Several projects are being integrated through the UltraLight initiative. The team is using multiple intelligent service features on the switches and routers, including VLANs to segment project traffic, IP Multiprotocol Label Switching (MPLS) to facilitate interconnectivity with different locations, and policy-based routing, to build Layer 1, 2, and 3 paths dynamically. "We are enabling a lot of different features and we haven't experienced any conflicts or performance degradation in the network," says Newman. "With the Cisco equipment, we did not have to sacrifice functionality to get the performance we needed."
There are six Cisco Catalyst 6509 Switches located at the university-based centers represented by Caltech, the University of Michigan, and the University of Florida, as well as the Stanford Linear Accelerator Center and Fermilab. According to Newman, the switch provided a "natural evolution to higher throughput by allowing us to replace the 4-port 10-Gbps modules with the 8-port 10-Gbps modules. We are able to preserve our investment in the existing equipment, while adding substantial throughput to the network."

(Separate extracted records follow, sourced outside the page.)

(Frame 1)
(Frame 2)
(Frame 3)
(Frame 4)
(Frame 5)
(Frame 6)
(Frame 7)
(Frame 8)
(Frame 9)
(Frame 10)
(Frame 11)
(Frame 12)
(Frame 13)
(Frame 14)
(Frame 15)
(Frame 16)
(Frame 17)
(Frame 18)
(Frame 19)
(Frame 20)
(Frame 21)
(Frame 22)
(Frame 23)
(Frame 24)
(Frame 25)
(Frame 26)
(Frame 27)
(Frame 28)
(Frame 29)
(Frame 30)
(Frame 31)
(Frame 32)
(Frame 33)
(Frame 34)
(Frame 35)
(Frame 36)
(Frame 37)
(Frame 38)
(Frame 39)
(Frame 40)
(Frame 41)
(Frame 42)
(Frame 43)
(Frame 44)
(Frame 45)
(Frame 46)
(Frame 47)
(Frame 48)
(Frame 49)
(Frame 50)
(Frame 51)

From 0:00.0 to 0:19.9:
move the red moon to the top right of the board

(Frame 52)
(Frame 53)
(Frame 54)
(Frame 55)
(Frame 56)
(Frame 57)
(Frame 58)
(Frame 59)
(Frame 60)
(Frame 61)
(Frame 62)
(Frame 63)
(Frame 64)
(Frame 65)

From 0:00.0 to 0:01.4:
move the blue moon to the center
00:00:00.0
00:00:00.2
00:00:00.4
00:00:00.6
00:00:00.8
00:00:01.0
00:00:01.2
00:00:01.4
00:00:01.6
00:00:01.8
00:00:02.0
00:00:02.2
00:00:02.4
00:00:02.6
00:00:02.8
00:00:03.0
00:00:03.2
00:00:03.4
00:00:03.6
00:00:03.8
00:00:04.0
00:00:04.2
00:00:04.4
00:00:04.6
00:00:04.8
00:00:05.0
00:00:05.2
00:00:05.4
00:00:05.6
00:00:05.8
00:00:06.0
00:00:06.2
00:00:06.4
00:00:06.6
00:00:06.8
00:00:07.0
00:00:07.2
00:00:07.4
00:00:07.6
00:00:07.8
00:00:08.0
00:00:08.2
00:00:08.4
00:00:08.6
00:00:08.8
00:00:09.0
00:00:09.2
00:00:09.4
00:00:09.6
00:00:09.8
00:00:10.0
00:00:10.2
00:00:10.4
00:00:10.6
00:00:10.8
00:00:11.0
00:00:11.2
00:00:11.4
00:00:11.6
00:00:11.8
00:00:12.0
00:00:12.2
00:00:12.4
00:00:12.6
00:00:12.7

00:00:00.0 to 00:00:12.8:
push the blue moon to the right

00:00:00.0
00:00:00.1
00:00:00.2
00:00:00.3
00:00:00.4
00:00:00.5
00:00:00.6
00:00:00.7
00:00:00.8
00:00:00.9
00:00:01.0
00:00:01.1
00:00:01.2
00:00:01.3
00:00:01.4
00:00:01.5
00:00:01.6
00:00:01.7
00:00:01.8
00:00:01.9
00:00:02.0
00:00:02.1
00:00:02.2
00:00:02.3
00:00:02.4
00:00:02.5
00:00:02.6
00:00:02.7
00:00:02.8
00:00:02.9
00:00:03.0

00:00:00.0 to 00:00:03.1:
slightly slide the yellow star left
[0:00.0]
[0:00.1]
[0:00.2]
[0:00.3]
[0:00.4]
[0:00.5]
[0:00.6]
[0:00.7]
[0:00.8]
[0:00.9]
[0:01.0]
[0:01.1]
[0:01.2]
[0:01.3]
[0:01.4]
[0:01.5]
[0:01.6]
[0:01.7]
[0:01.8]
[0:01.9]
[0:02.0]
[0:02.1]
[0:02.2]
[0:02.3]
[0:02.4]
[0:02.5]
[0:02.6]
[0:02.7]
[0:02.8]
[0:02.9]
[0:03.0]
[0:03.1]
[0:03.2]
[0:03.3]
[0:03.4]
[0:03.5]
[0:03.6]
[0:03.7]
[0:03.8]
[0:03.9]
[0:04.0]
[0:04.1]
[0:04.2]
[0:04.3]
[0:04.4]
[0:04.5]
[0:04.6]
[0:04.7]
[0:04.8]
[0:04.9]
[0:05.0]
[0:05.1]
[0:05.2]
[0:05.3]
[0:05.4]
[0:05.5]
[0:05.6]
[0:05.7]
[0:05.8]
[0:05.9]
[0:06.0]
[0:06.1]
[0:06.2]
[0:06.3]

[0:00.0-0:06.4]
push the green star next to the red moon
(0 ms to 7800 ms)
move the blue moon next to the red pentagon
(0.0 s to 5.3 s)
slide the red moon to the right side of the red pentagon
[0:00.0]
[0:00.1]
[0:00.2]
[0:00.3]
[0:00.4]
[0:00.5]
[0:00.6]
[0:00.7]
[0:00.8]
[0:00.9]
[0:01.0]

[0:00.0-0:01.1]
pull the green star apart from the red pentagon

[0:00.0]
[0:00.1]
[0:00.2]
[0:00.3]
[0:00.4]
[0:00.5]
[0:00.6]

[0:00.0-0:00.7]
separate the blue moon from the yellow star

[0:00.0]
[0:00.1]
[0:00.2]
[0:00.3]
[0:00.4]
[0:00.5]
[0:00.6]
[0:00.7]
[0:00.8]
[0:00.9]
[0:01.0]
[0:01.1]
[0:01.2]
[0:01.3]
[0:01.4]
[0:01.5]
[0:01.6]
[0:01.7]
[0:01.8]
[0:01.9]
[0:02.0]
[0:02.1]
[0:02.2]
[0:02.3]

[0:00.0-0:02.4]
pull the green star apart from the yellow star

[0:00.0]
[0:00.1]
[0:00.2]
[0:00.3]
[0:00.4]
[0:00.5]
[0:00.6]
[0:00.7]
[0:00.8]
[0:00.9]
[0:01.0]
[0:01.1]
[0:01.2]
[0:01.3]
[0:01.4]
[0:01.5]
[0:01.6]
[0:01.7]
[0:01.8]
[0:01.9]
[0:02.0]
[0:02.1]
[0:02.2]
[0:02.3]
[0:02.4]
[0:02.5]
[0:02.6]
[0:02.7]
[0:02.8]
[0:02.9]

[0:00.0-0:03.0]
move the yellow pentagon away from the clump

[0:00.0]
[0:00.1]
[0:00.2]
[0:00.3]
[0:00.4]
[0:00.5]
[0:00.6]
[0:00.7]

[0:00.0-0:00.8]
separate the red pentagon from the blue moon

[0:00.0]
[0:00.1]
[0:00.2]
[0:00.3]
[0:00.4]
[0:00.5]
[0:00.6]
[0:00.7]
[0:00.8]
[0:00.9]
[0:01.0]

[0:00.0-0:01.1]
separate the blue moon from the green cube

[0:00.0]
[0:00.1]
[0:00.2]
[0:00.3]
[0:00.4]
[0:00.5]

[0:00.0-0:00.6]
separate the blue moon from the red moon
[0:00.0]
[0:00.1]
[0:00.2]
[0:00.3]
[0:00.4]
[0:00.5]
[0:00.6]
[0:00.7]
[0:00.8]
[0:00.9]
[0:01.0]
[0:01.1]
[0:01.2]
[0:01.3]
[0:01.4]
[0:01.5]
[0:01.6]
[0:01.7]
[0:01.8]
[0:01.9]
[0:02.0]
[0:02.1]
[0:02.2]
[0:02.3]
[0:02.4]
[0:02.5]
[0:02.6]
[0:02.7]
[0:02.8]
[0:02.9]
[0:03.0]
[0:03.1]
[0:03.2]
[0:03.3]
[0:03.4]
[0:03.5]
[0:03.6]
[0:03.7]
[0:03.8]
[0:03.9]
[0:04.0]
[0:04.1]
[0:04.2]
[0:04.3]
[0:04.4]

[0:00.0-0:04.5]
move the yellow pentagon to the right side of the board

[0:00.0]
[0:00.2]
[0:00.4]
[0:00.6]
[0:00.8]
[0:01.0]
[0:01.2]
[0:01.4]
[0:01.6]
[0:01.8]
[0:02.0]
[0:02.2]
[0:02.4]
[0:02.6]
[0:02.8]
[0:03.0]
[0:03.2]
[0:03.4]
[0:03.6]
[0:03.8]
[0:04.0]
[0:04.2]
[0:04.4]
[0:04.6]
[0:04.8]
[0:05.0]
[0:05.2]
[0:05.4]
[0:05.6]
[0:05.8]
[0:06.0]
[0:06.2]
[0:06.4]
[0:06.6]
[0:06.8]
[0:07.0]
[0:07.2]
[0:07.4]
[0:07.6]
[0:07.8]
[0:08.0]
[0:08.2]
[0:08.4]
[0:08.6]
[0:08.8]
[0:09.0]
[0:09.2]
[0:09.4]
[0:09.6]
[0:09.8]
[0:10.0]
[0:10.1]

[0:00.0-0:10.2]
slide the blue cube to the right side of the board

That investment protection also extends to the servers. The Cisco switches provide the flexibility to mix and match interfaces, enabling the researchers in Tier-1 and Tier-2 centers to support and upgrade servers more easily to keep pace with data-intensive computing demands.
"The report card is extremely good. The Cisco switches just operate and we don't have to worry about them," says Newman. "We are on track to make use of our networks in support of our science, limited only by the read and write speeds of disks, not the networks."
"The network will revolutionize data-intensive grid computing and other forms of scientific computing over the next decade," says Newman. "It is an enabling force in the next round of scientific discoveries expected when the LHC begins operation." Newman also expects that many of UltraLight's developments in the areas of networking, monitoring, management, and collaborative research to be applicable to many fields of data intensive e-science.
This customer story is based on information provided by Professor Harvey Newman at The California Institute of Technology and describes how his organization benefits from the deployment of Cisco products. Many factors may have contributed to the results and benefits described; Cisco does not guarantee comparable results elsewhere.